TRAVELS WITH TERRY

Globetrotting consulting agronomist Terry Buchen visits many golf courses annually with his digital camera in hand. He shares helpful ideas relating to maintenance equipment from the golf course superintendents he visits — as well as a few ideas of his own — with timely photos and captions that explore the changing world of golf course management.

Ball Mark Repairs

The seven 2016 Toro Greensmaster Flex 2100 Walk-Behind Greens Mowers are equipped with Upshake bicycle water bottle holder brackets ($7, Amazon). The plastic Rubbermaid water bottles ($12 for three, Amazon) hold a mixture of Harrell’s Dried Bagged Green-Colored Sand with Yellow Jack Coated Pure Distinction Creeping Bentgrass Seed. Each greens mower operator divides their greens into four quadrants.

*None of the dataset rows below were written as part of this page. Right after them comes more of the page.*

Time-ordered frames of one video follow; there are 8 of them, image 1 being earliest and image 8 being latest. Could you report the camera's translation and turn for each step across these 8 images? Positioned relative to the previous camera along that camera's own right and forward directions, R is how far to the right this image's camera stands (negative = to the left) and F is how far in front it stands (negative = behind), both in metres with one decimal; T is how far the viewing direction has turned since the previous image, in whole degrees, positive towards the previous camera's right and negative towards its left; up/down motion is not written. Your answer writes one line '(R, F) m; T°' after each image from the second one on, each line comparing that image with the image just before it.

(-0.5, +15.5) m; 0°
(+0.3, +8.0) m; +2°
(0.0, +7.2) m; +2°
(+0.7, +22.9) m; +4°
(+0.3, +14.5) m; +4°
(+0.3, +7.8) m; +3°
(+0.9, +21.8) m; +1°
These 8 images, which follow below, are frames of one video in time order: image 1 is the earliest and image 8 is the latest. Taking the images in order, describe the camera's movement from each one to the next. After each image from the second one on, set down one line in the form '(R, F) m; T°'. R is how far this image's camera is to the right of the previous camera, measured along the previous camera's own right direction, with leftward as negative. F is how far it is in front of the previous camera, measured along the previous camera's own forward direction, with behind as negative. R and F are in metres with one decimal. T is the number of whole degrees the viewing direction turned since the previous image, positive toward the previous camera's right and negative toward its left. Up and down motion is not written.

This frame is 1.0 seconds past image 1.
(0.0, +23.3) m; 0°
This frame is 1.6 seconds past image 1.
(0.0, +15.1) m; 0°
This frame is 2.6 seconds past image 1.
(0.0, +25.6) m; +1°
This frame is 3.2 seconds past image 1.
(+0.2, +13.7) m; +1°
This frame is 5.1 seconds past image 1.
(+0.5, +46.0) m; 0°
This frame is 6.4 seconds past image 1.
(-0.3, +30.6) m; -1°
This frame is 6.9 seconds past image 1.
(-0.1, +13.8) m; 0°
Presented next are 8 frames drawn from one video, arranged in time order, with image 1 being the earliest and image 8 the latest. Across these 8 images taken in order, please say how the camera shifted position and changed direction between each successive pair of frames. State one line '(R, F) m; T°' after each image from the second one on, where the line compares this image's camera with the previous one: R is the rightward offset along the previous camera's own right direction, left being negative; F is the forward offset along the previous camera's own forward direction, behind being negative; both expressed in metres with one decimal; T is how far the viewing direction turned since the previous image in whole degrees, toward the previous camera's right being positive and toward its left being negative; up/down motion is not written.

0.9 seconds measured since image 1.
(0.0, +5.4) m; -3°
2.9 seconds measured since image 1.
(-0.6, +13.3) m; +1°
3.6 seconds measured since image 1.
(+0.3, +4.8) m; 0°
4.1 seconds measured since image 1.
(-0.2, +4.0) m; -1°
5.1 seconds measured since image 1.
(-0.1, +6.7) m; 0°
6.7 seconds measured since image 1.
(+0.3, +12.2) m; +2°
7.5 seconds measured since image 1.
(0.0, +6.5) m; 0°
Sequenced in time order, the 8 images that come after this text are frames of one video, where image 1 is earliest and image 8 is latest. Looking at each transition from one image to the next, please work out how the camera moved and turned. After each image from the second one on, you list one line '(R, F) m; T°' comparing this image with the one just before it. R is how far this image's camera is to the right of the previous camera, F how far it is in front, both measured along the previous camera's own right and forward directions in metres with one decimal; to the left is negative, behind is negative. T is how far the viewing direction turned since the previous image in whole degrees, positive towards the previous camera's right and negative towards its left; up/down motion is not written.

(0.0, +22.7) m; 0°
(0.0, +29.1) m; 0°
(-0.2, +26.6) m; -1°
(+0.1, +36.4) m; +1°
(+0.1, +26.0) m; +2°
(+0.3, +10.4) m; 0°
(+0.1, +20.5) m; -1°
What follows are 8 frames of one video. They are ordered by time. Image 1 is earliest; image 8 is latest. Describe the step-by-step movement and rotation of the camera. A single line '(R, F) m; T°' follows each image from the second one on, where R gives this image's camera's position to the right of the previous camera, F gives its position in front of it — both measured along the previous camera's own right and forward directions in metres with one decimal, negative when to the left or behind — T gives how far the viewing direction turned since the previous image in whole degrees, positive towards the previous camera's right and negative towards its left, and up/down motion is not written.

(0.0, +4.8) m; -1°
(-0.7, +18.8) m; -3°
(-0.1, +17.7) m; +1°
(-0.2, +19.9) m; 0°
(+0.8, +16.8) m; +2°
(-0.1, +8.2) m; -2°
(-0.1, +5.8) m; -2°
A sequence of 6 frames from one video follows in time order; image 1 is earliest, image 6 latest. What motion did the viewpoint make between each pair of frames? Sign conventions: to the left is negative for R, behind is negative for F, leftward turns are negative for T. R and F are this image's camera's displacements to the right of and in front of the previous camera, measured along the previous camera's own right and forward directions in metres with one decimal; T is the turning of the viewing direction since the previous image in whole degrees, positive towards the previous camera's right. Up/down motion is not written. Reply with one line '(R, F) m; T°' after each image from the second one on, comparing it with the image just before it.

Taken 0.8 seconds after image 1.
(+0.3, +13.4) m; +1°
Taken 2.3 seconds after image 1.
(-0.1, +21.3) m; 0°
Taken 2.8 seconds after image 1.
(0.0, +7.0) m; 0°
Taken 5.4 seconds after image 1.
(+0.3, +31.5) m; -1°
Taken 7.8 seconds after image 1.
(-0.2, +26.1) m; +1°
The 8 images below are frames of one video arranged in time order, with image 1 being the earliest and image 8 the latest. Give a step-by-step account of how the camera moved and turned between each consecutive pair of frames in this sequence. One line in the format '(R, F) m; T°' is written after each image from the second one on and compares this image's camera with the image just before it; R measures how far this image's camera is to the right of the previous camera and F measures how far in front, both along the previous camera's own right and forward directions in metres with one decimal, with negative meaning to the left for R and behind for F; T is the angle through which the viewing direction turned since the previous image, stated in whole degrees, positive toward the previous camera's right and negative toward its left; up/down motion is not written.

Each day they fill every ball mark in a single quadrant and move to the next quadrant the following day. The setup person also goes in a circle around the hole filling ball marks until play catches them – usually 10 feet around each freshly cut hole location. The coated seed and sand is mixed together in a 5-gallon bucket for easy fill-up into the water bottles. It took minutes to install the water bottle holder brackets. Dan Dingman, superintendent at the Birmingham Country Club in Birmingham, Michigan, is very precise and exact in everything he accomplishes.

Baling Tree Leaves

Gary Zagar, the director of golf course maintenance from 1994 to 2010 at the 36-hole Quail Hollow Country Club in Concord, Ohio, would cut down between 100 and 900 dead trees annually on the heavily wooded 700-acre property. They traded the firewood for useful things from different trades and received services in return and gave it away to the police and fire departments. It also produced firewood for the clubhouse’s outdoor fireplace. They even sold firewood and bought a used Salsco roller. Zagar made a trade with a farmer, giving him firewood and borrowing the farmer’s John Deere 336 Hay Baler, which produced about 400 bales annually from 4-foot-high piles of leaves, instead of mulching and mowing over the debris. The leaf bales were sold to hunters at 75 cents per bale for blinds, to landscapers for compost and topsoil, to local nurseries to bed their plant material, and to farmers to feed their cattle. The debris problem was solved with less wear on their equipment and the idea led to a savings of about 400 gallons of diesel fuel annually. The maintenance staff also had a great party funded by the sold bales. Jeffrey Austin is the current director of golf course maintenance.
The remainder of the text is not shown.